152 | P a g e The conservation levies could then be used to finance conservation programmes, such as Working for Water and Working for Indigenous Biodiversity, among others. It must be remarked at this stage that the financing implications emanating from this analysis do not pass the neoclassical efficiency test. Petrick and Pies (2007, p.256) describe such an outcome as “the establishment of an (attainable) institutional arrangement that allows the realisation of mutual gains” to the extent that “policy is no longer guided by the desire to attain the ideal of a perfect market” (italics in original). The extorted amount is not the optimal one consistent with NAIS, which lies on the contract curve. Rather, it is a reasonable amount arrived at through deliberative valuation. It is here that the role of economic power comes into play. Conservationists have the environmental right (liberty) enshrined in the Constitution, section 24, and, therefore, could bargain with AIS-based sectors. AIS-based sectors have property rights and privileges to portions of the environment where they engage in their economic activities. They also have the environmental right (liberty). They can withhold their property interest from conservationists.

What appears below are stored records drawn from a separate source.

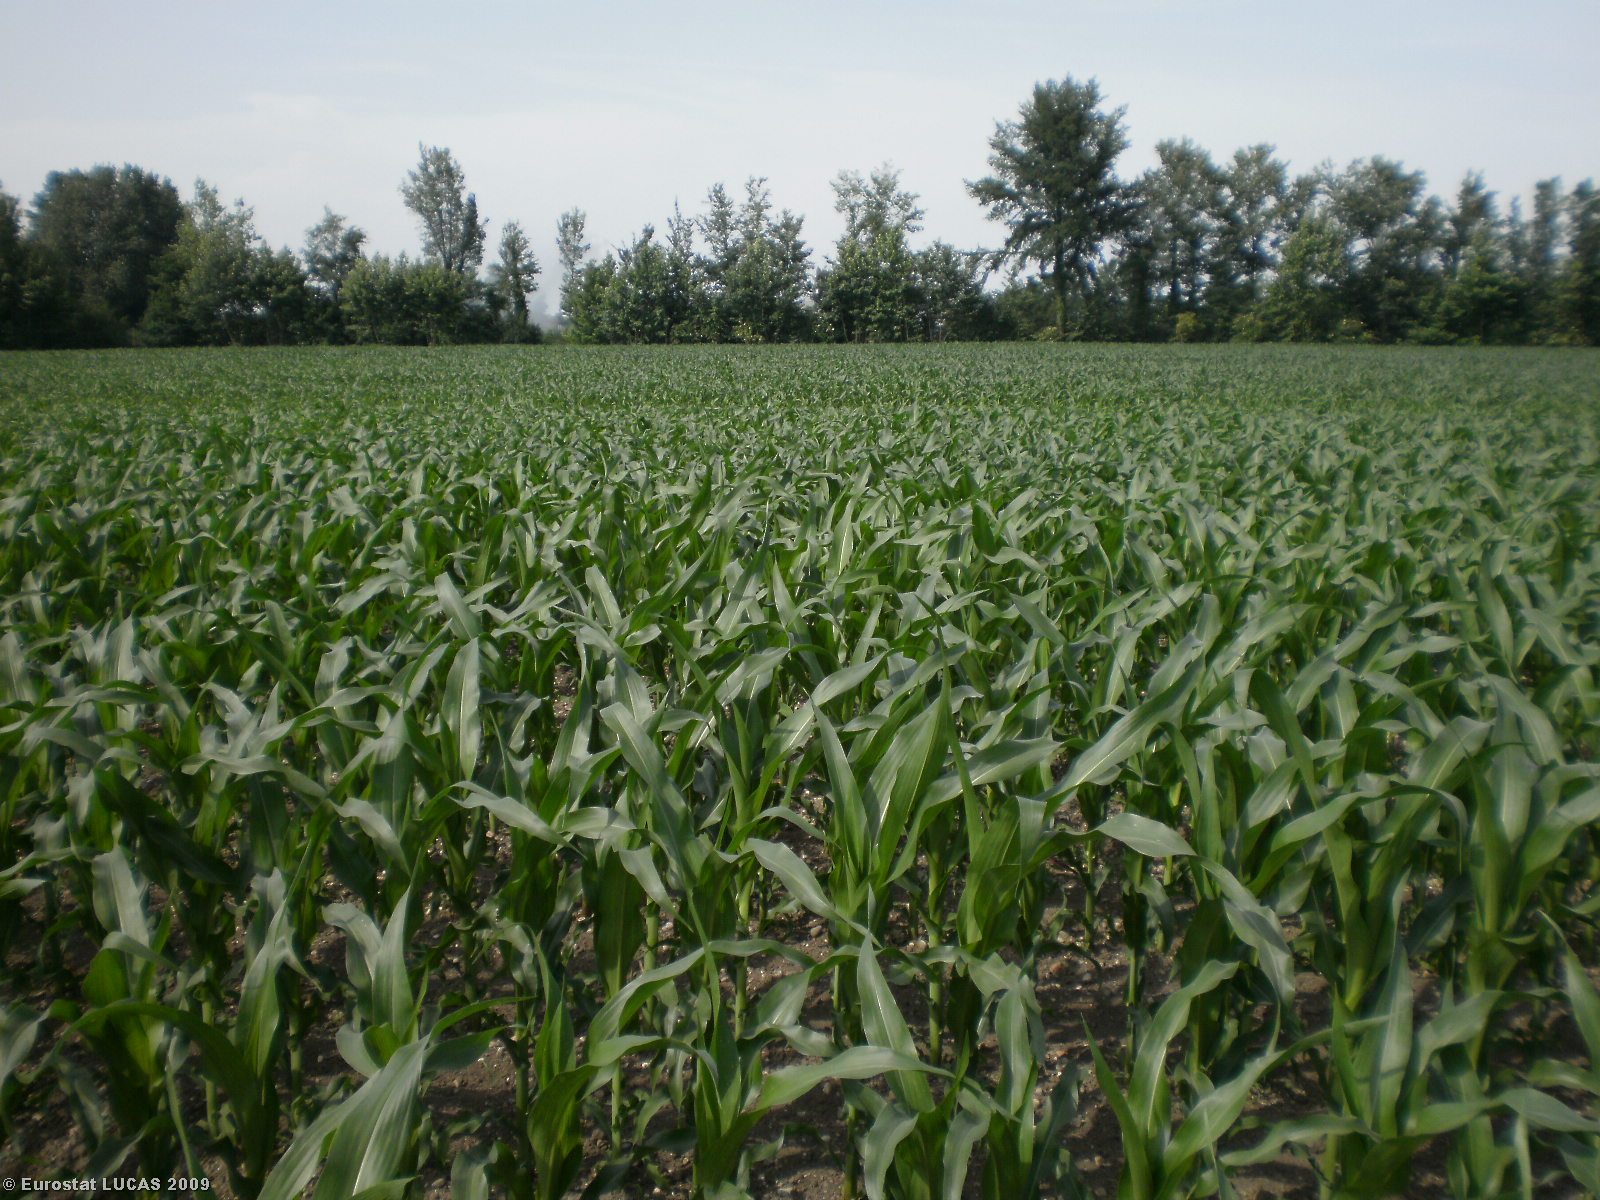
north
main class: Cropland
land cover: Maize
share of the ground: > 75 %
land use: Agriculture (excluding fallow land and kitchen gardens)
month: May
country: IT
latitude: 45.1771
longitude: 10.7748

Because both parties have liberty, they enter into bargaining using the negotiational psychology of economic coercion or persuasion to arrive at a reasonable extortion (Albert and Ramstad 1998, Commons 1931, Hiedanpää and Bromley 2012). This is the concept of reasonable value/ just price (Dugger 1996a; 1996b). “Reasonable Value itself is nothing other than a coherent and pragmatic, albeit secularized, solution to the problem of just price,” (Ramstad 2001, p.254). Ramstad further characterises reasonable value “as a desideratum of public policy..., an imperfect compromise to be reached through an administrative process” (Ramstad 2001, p.272, emphasis added). He argues that it is “not a metaphysical entity discoverable through abstract logic, as is the case with the “optimal”

or “efficient” outcomes serving as desiderata in mainstream practice” (Ramstad 2001, p.272).

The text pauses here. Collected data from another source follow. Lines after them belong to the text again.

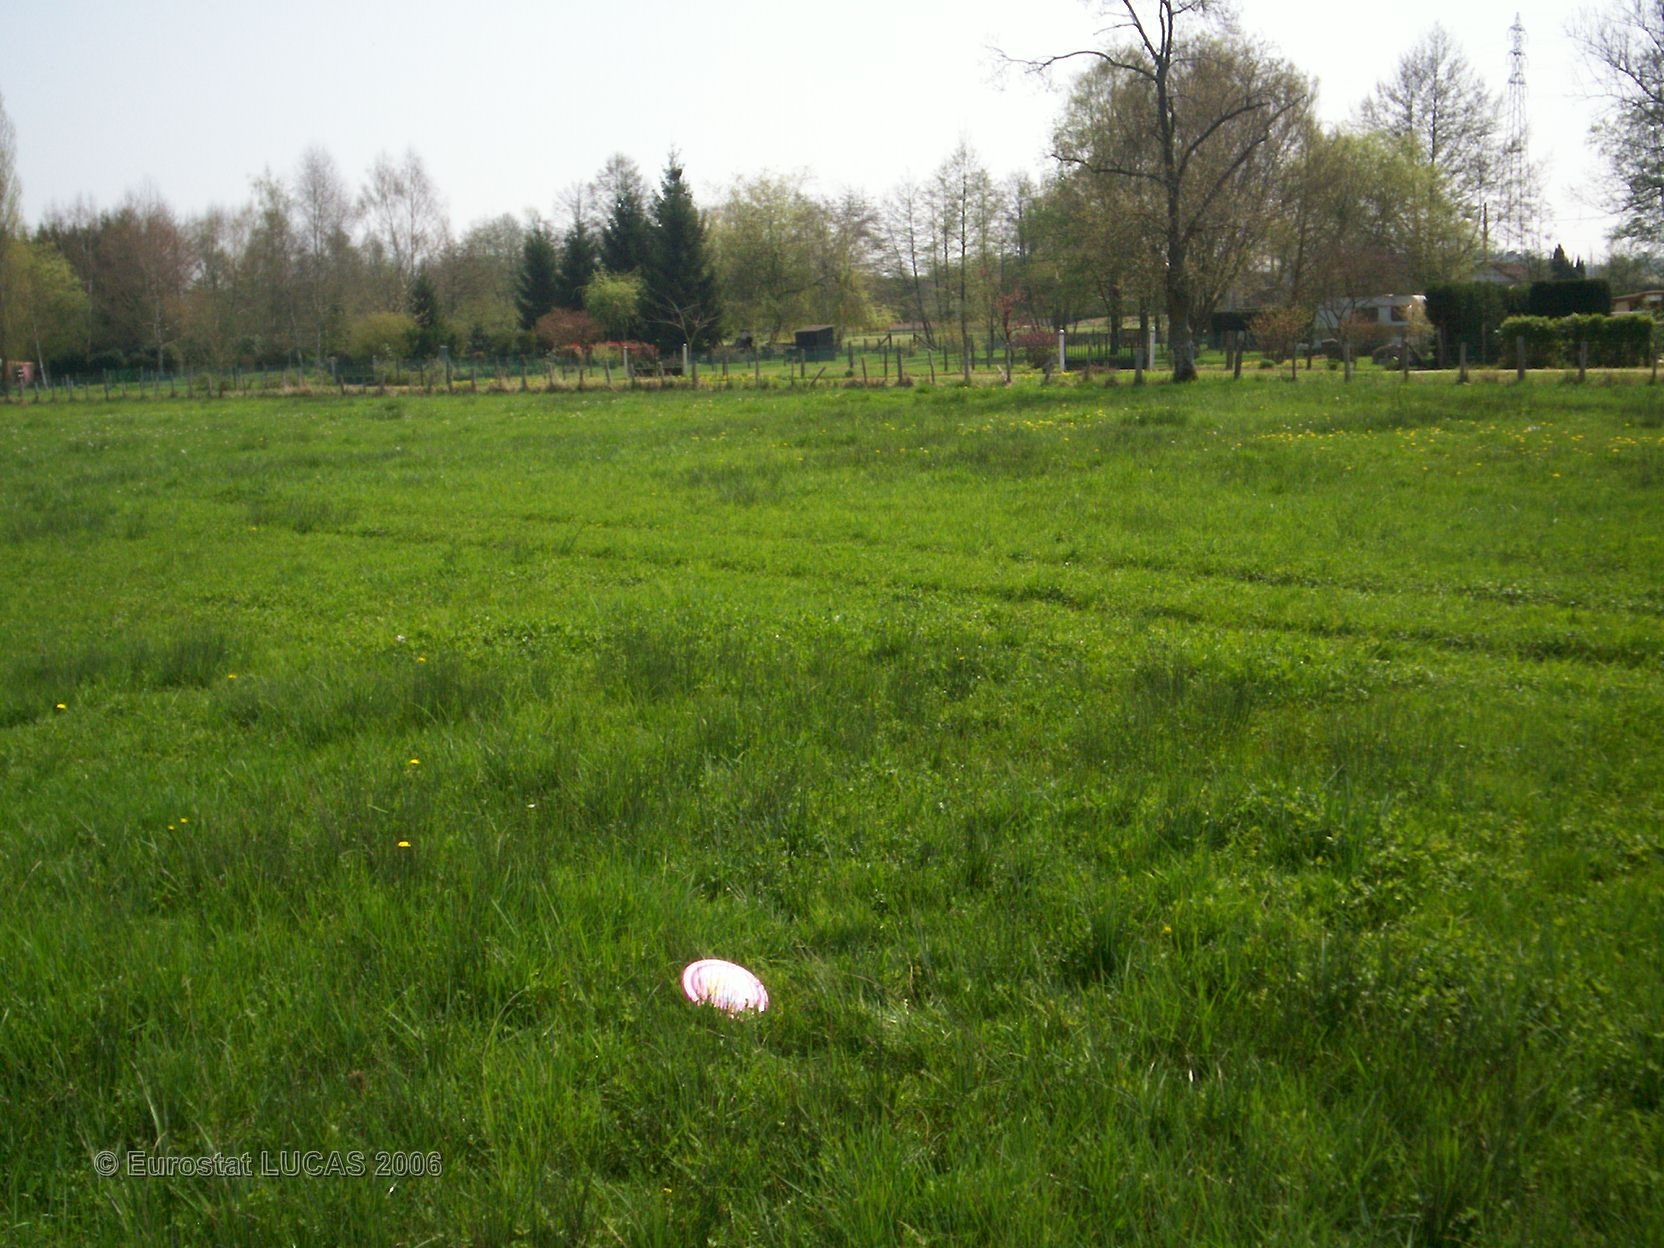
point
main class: Grassland
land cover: Grassland without tree/shrub cover
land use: Agriculture (excluding fallow land and kitchen gardens)
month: April
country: FR
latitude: 48.0380
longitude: 0.3857

The point to note here is that the conclusion reached in the analysis above resulted in a non-efficient compromise solution that, nevertheless, was a “workable consensus”

(Commons 2009, p.743), which left all parties concerned satisfied. Reasonable value/just price is a product of discursive valuation rather than deductive reasoning that, in the neoclassical sense, underpins Pareto optimality analysis (Norgaard 2007, Waller Jr and Robertson 1991). It is a pragmatist’s approach to fair compensation. Dugger (1996b, p.429)

153 | P a g e described the reasonable valuation outcomes that “all lay somewhere within the gap between what the conflicting interests in transactions actually wanted.” Similarly, conflicting interests in biodiversity conservation fall within the confines of reasonable valuation.

The Coasean approach, where the party without the property right has to bribe the party vested with the right in property to reduce the scale of a harmful activity or stop it completely (Coase 1960), would produce a stalemate. Bribe is the obverse of extortion.

Conservationists pay the sectors utilising alien and invasive species to reduce their scale of operation. No institutional change would take place. Notice, in the Coasean approach, conservationists would offer to pay economic sectors a compensating variation (HJ) for them to reduce the utilisation scale of alien and invasive species. HJ is consistent with the conservationists’ welfare at V in order to move from the status quo institutional arrangement (AIS) to the desired institutional arrangement (NAIS) on the contract curve.

However, economic sectors would consider their own welfare to determine whether to accept or reject the offer. In this case, they would be willing to accept HK, which conservationists are not willing to pay. Hence, to accept the offer (HJ) would generate a negative net compensating variation (HJ – HK < 0).

The real issue that the reciprocity argument in the Coasean approach underplays is that optimality is a function of who first has the entitlement and, therefore, a function of the power structure and wealth distribution of society (Samuels 1972a; 1972b). The optimality just strengthens the status quo, which is to say no institutional change takes place, while the environmental problem still awaits redress.